------ Data ------

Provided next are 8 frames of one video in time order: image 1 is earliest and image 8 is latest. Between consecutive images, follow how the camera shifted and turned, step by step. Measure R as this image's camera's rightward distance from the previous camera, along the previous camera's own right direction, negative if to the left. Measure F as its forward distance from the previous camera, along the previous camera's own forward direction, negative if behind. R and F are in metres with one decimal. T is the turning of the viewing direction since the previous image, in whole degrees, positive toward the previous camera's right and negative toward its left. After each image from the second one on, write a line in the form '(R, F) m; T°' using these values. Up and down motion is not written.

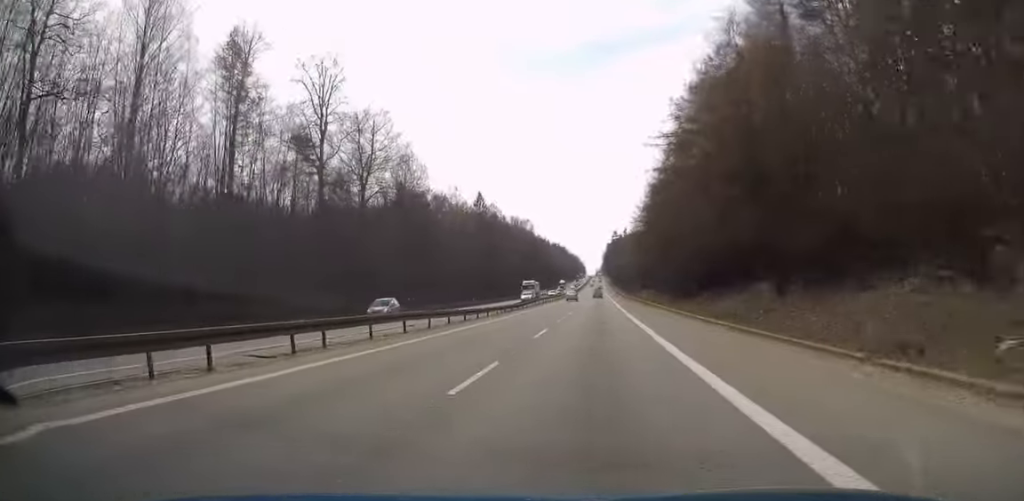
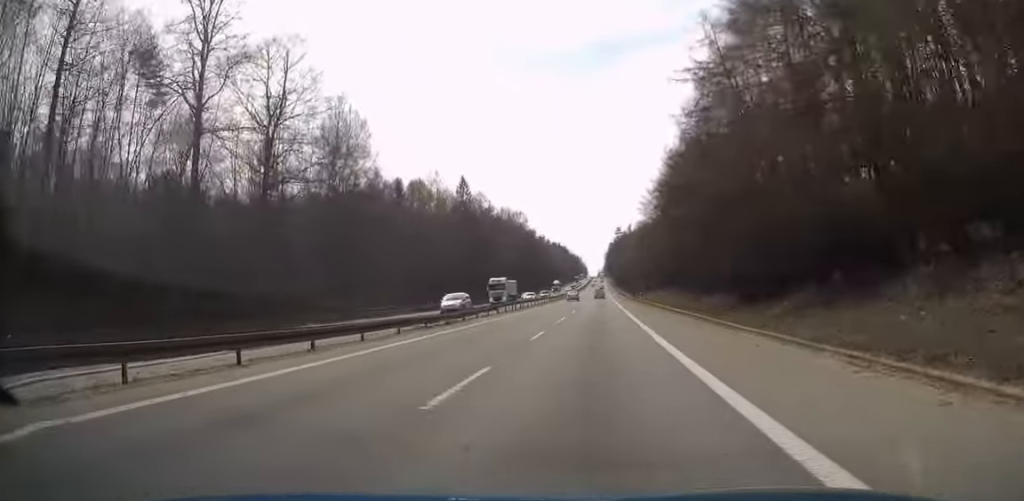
(-0.2, +24.9) m; -1°
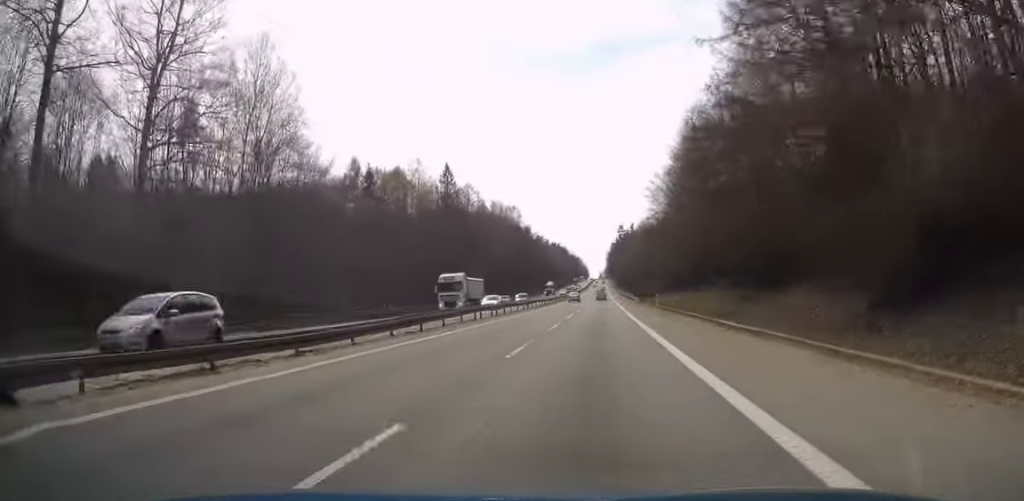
(0.0, +17.3) m; 0°
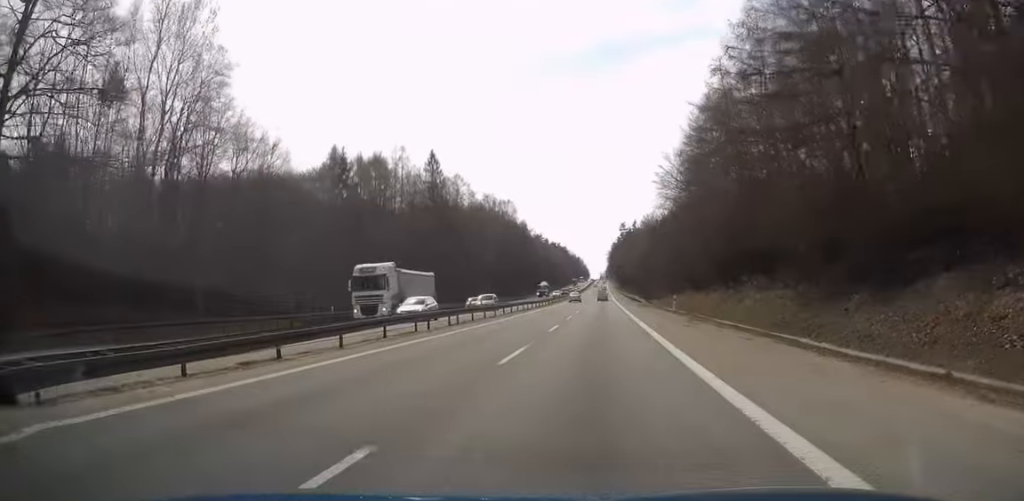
(0.0, +13.2) m; 0°
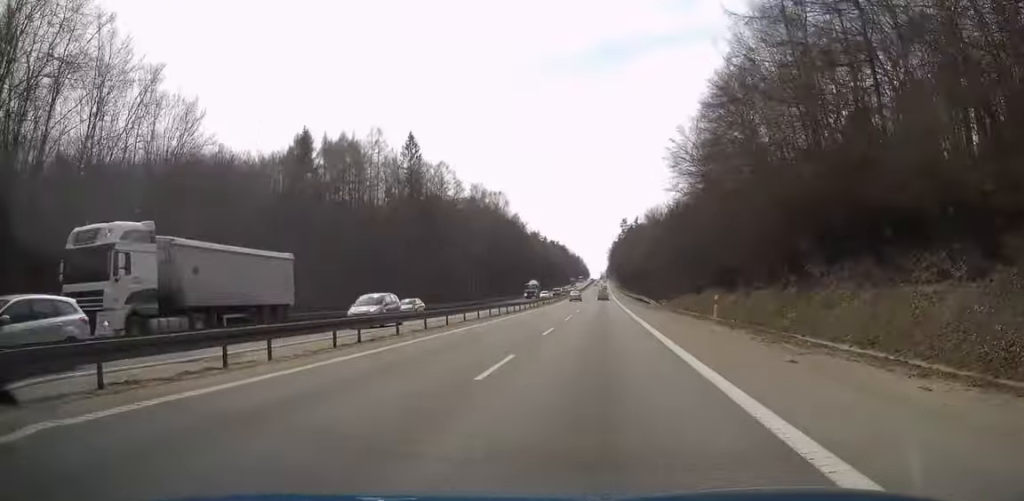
(0.0, +14.7) m; 0°
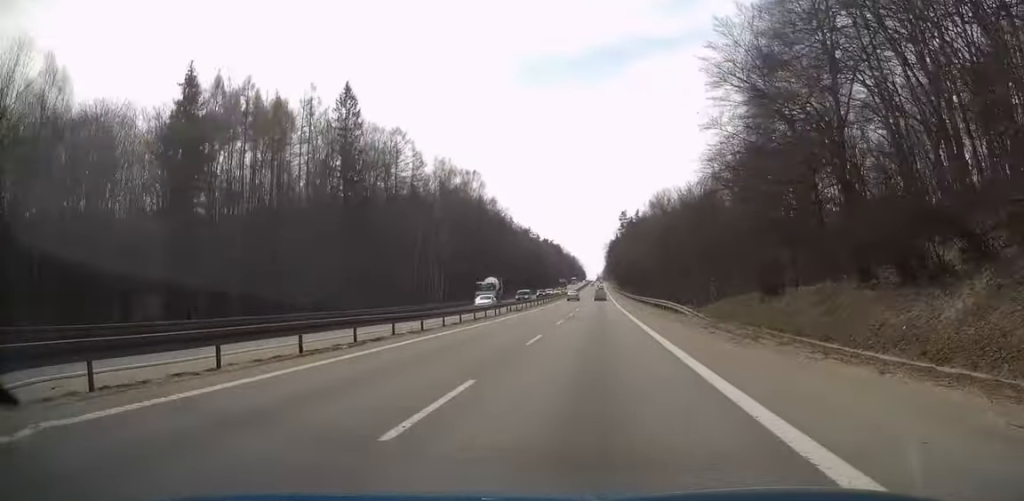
(+0.1, +28.3) m; 0°
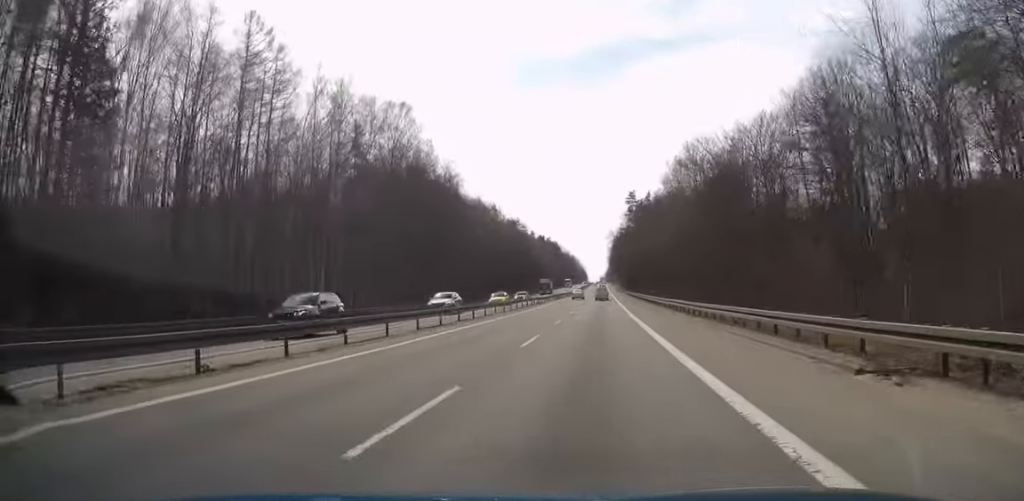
(0.0, +48.9) m; 0°
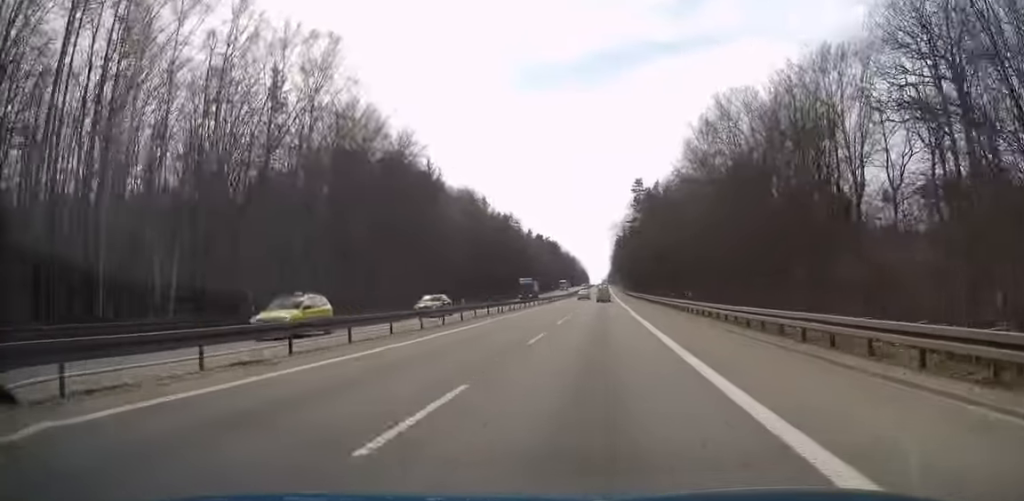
(0.0, +24.1) m; 0°

------

# Task instructions:
Your reply should restate the data above word for word and contain no pictures.

# Response:
Provided next are 8 frames of one video in time order: image 1 is earliest and image 8 is latest. Between consecutive images, follow how the camera shifted and turned, step by step. Measure R as this image's camera's rightward distance from the previous camera, along the previous camera's own right direction, negative if to the left. Measure F as its forward distance from the previous camera, along the previous camera's own forward direction, negative if behind. R and F are in metres with one decimal. T is the turning of the viewing direction since the previous image, in whole degrees, positive toward the previous camera's right and negative toward its left. After each image from the second one on, write a line in the form '(R, F) m; T°' using these values. Up and down motion is not written.

(-0.2, +24.9) m; -1°
(0.0, +17.3) m; 0°
(0.0, +13.2) m; 0°
(0.0, +14.7) m; 0°
(+0.1, +28.3) m; 0°
(0.0, +48.9) m; 0°
(0.0, +24.1) m; 0°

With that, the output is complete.